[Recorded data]
——————

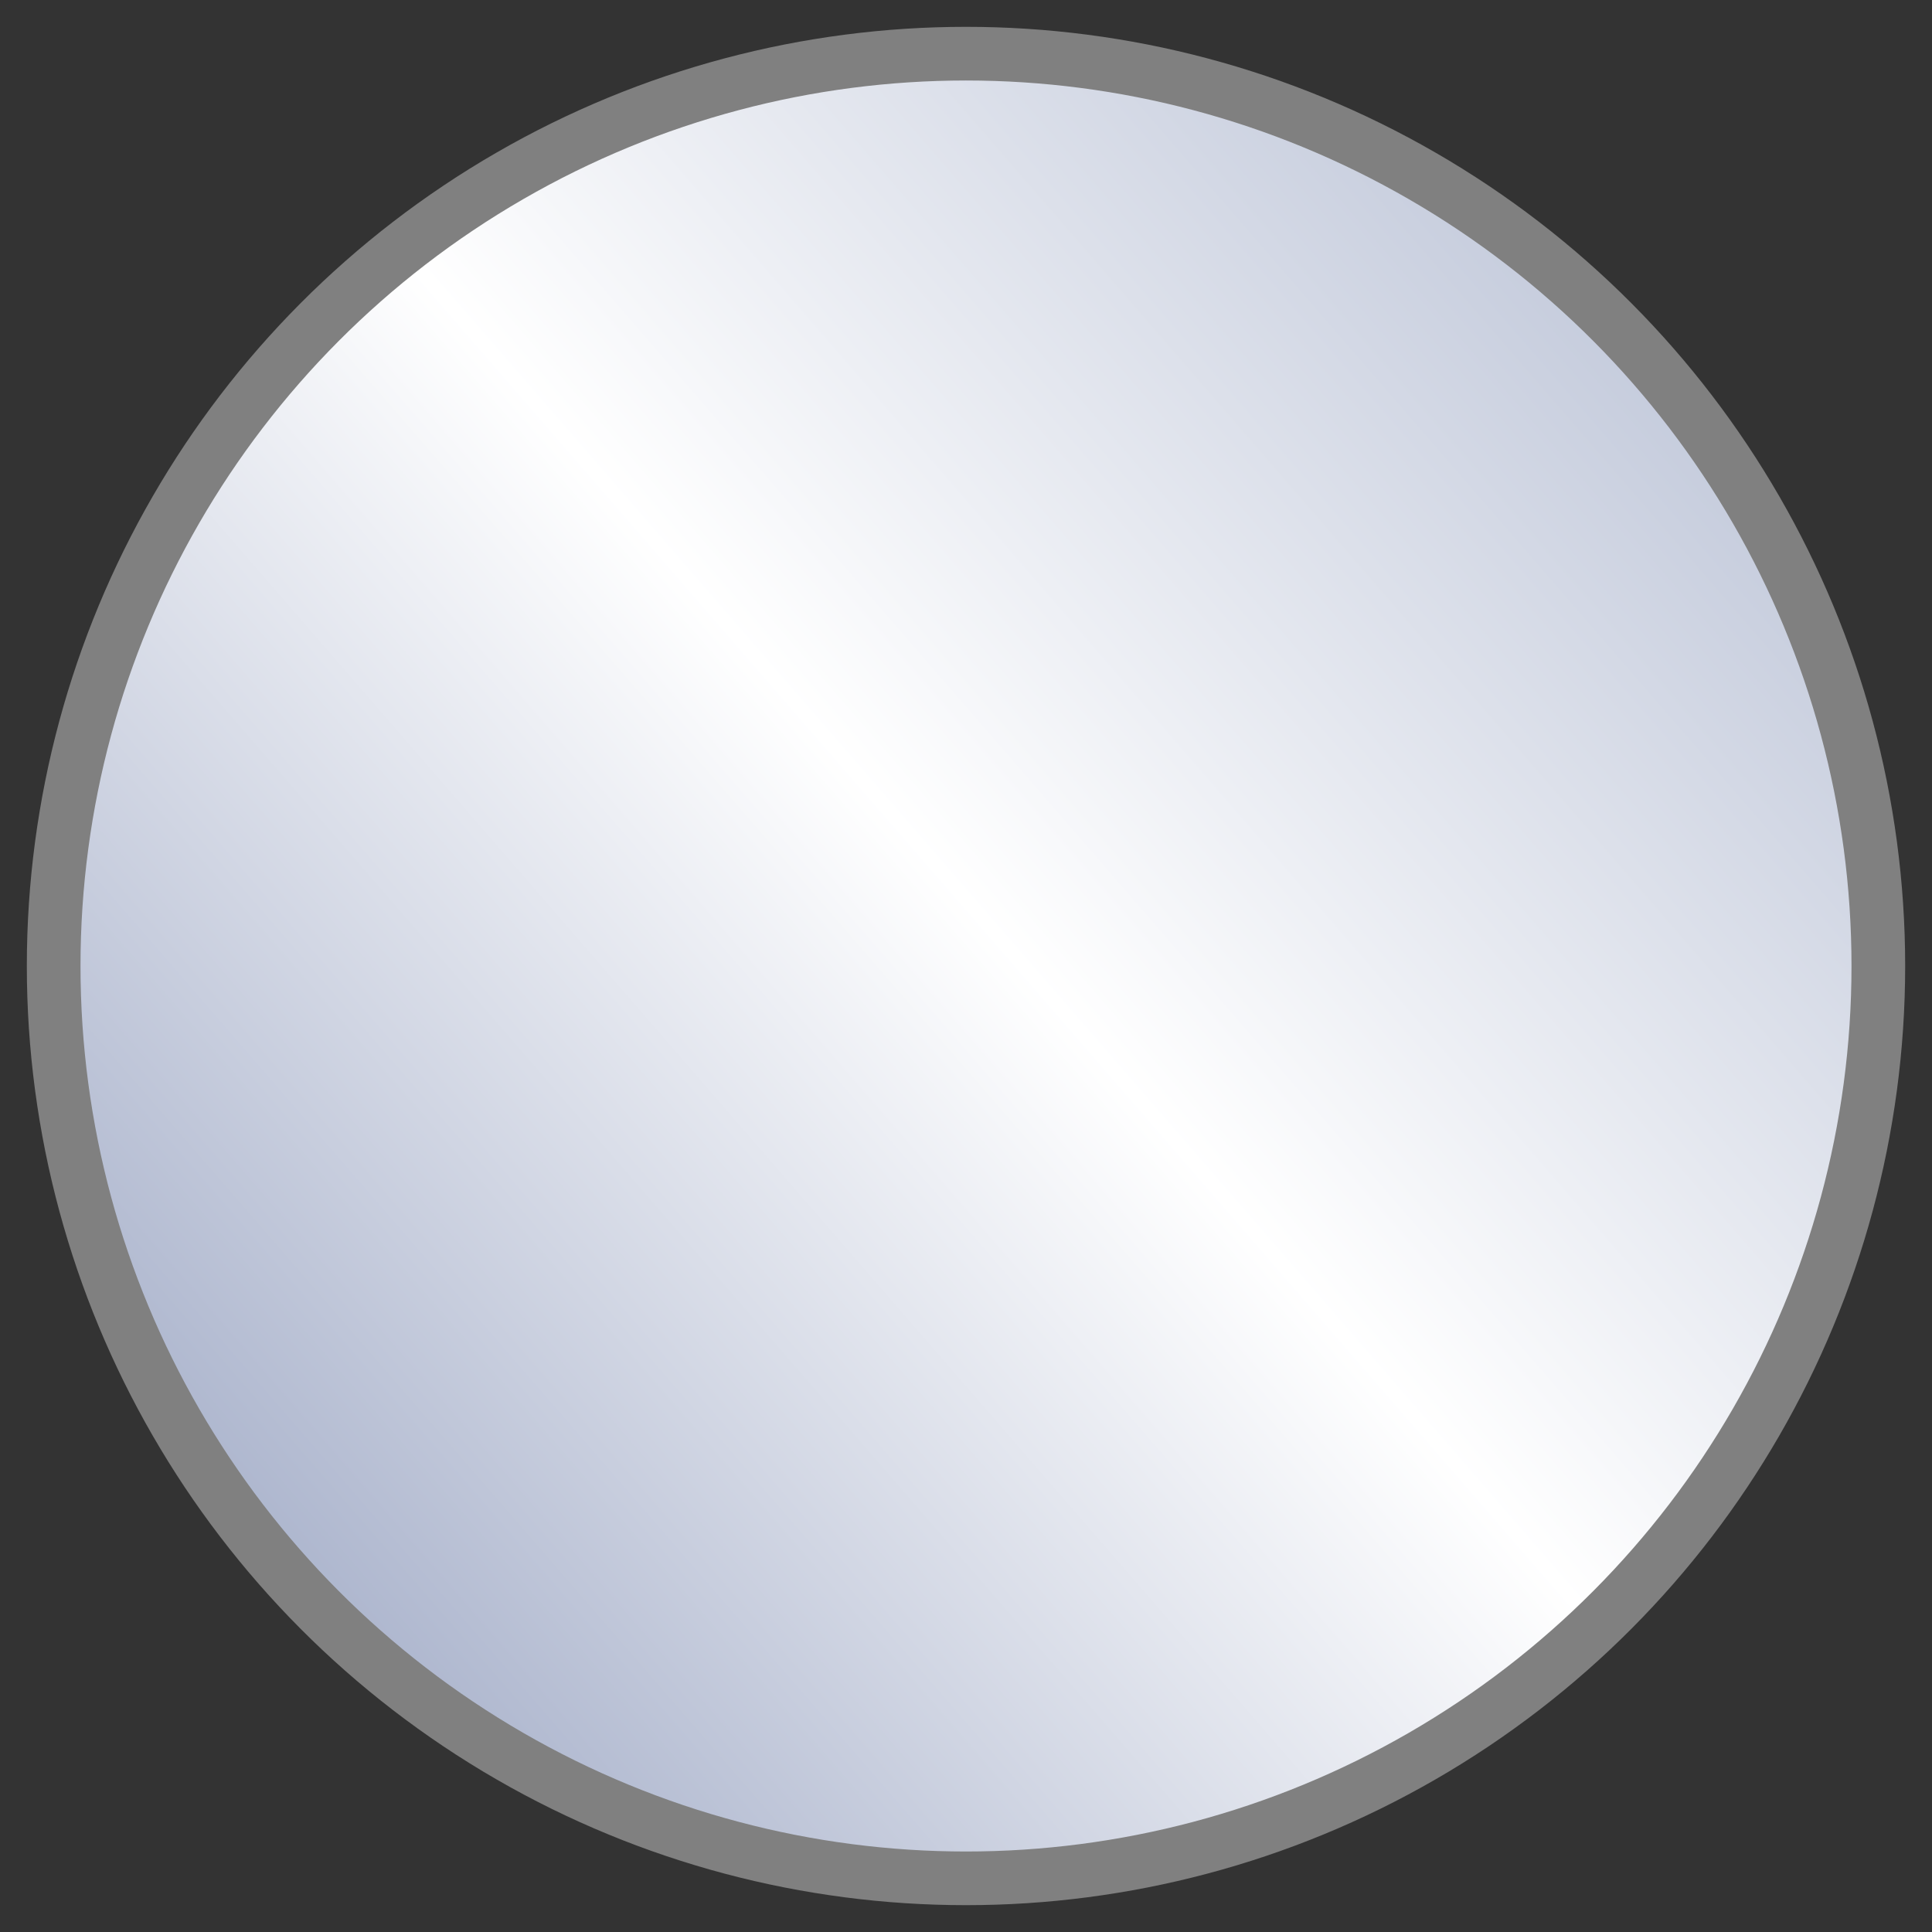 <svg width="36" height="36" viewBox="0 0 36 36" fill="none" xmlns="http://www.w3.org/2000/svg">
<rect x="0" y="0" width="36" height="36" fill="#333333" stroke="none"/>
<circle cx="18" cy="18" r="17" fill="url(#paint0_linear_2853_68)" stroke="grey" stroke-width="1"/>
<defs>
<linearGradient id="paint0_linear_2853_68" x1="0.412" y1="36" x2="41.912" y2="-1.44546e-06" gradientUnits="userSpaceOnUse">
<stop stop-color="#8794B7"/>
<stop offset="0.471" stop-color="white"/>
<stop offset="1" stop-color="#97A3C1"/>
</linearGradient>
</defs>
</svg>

——————

Directions for this task
Write each entry again exactly, minus any images.

Task answer
 <svg width="36" height="36" viewBox="0 0 36 36" fill="none" xmlns="http://www.w3.org/2000/svg">
<rect x="0" y="0" width="36" height="36" fill="#333333" stroke="none"/>
<circle cx="18" cy="18" r="17" fill="url(#paint0_linear_2853_68)" stroke="grey" stroke-width="1"/>
<defs>
<linearGradient id="paint0_linear_2853_68" x1="0.412" y1="36" x2="41.912" y2="-1.44546e-06" gradientUnits="userSpaceOnUse">
<stop stop-color="#8794B7"/>
<stop offset="0.471" stop-color="white"/>
<stop offset="1" stop-color="#97A3C1"/>
</linearGradient>
</defs>
</svg>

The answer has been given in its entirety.